Tag Archives: Peer to peer

Why peer recommendation works – my Airbnb experience

Beaching it up in Barcelona
Last month I went to Barcelona with my sisters and a few close girlfriends. The trip was pretty special as I’m about to get married – so this was what you might call a “hen” do. We didn’t want to run around wearing matching pink tracksuits and bunny ears (and I left my “L-plate” and plastic white tiara at home), but we did want to have an amazing time without spending a stupid amount of money.
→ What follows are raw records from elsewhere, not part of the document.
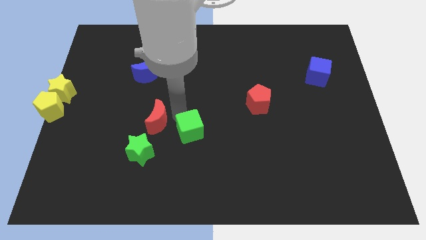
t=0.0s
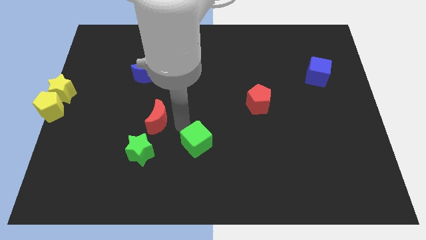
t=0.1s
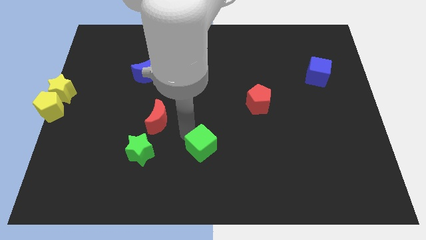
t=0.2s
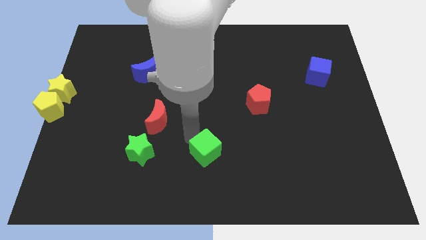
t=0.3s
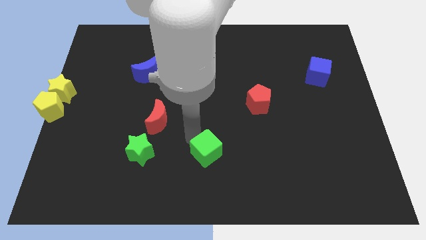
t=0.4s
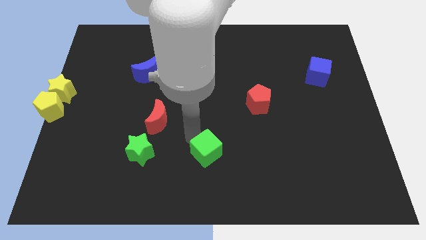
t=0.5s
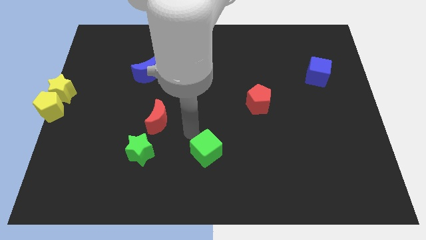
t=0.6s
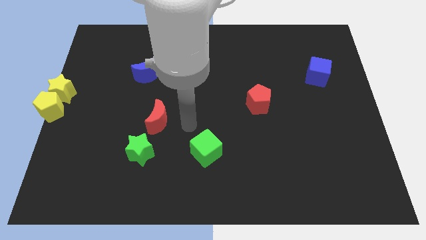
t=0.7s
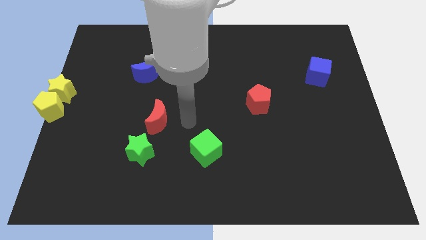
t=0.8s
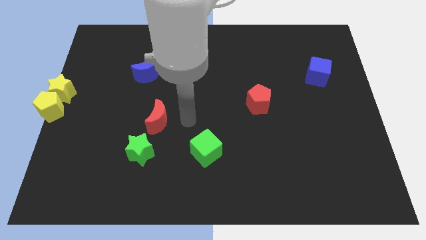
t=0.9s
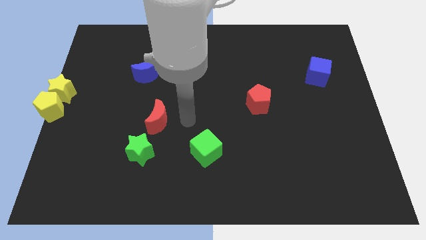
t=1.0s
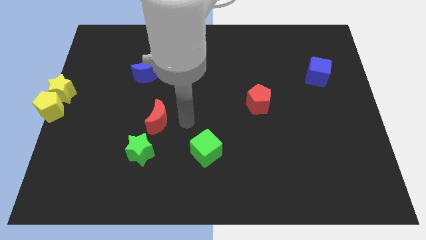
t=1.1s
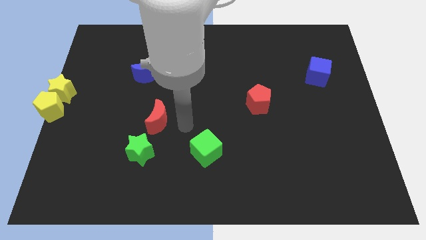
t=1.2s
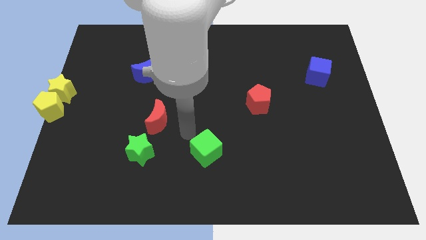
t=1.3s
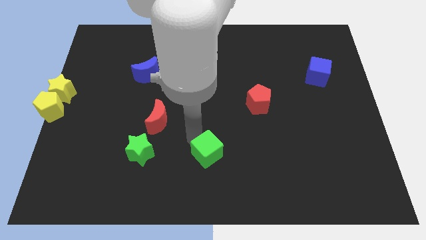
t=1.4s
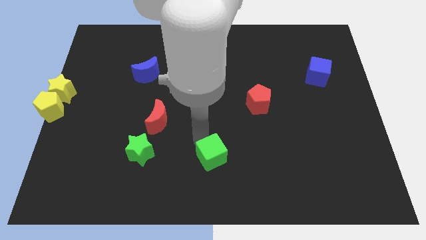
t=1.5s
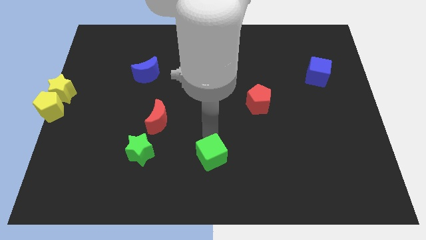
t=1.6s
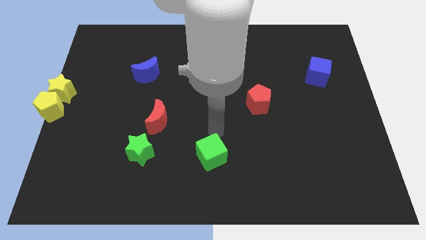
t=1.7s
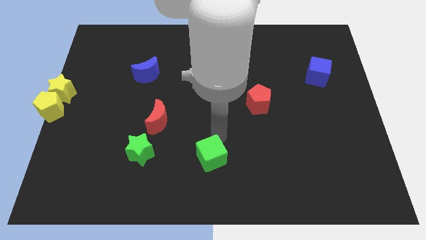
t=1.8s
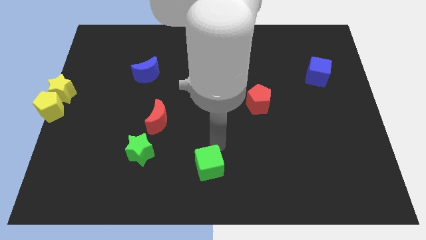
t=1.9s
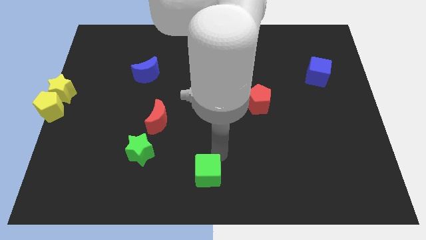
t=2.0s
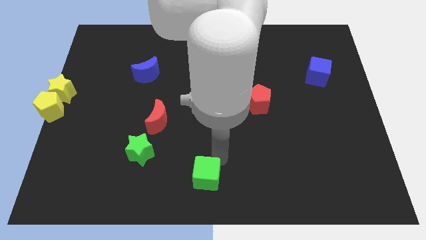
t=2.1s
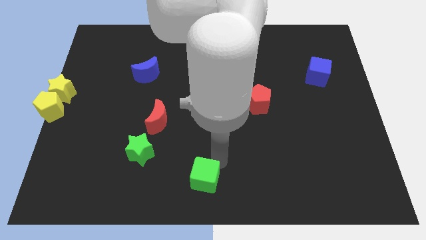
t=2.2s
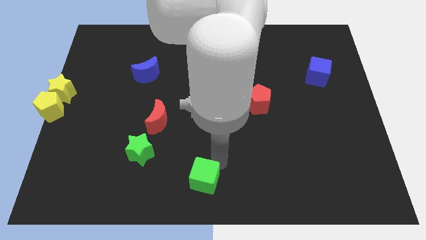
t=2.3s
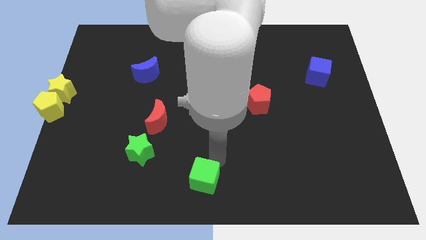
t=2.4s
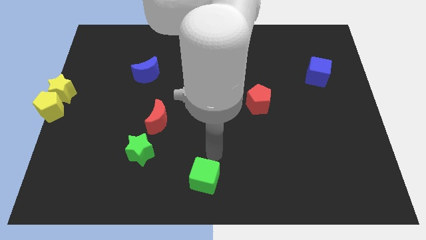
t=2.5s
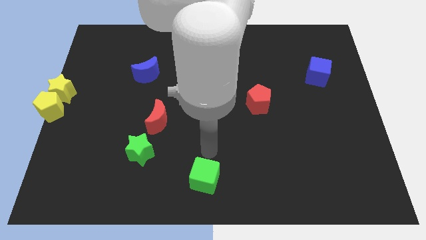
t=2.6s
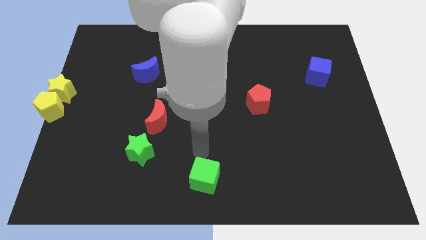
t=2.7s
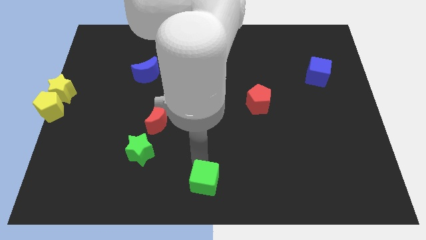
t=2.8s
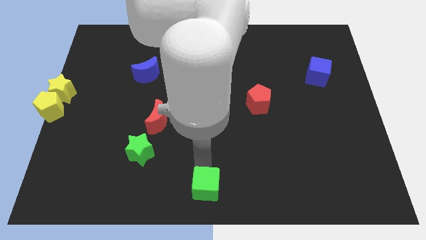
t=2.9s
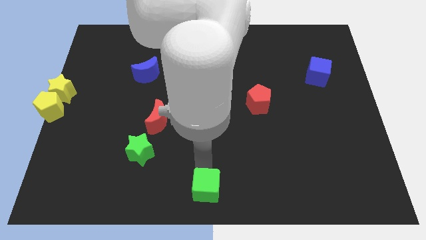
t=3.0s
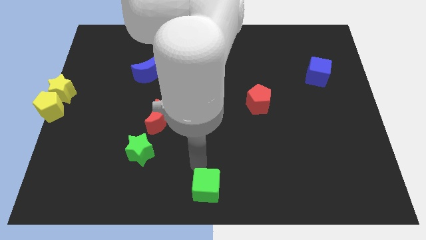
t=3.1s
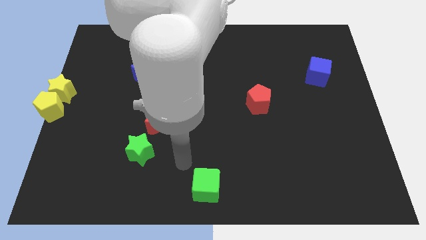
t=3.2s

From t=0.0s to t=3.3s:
push the green cube to the bottom center of the table

When it came to sorting a place to stay, Airbnb was the obvious choice. I’ve used the peer-to-peer rental site quite a few times in the past, and they’ve always delivered great places at reasonable cost. So I started carefully sifting through the 400+ apartments (that would accommodate our nine-person party) currently listed on the website. As you can imagine, the whole process took some time so I was thrilled when I finally settled for a place which ticked all the right boxes: central, comfortable single beds for all (no doubles or sofabeds), decent dining area, at least two bathrooms, beautiful decor in traditional Catalan Modernist style.

I paid in full (Airbnb requires full payment in advance to reserve any property), emailed the apartment details to my friends, and started looking forward to a wonderful long weekend in Spain. Imagine how I felt when, the day before we were about to leave, I got an email from the apartment owner offering apologies and saying the apartment had been rendered inhabitable by the previous tenants (aka: trashed).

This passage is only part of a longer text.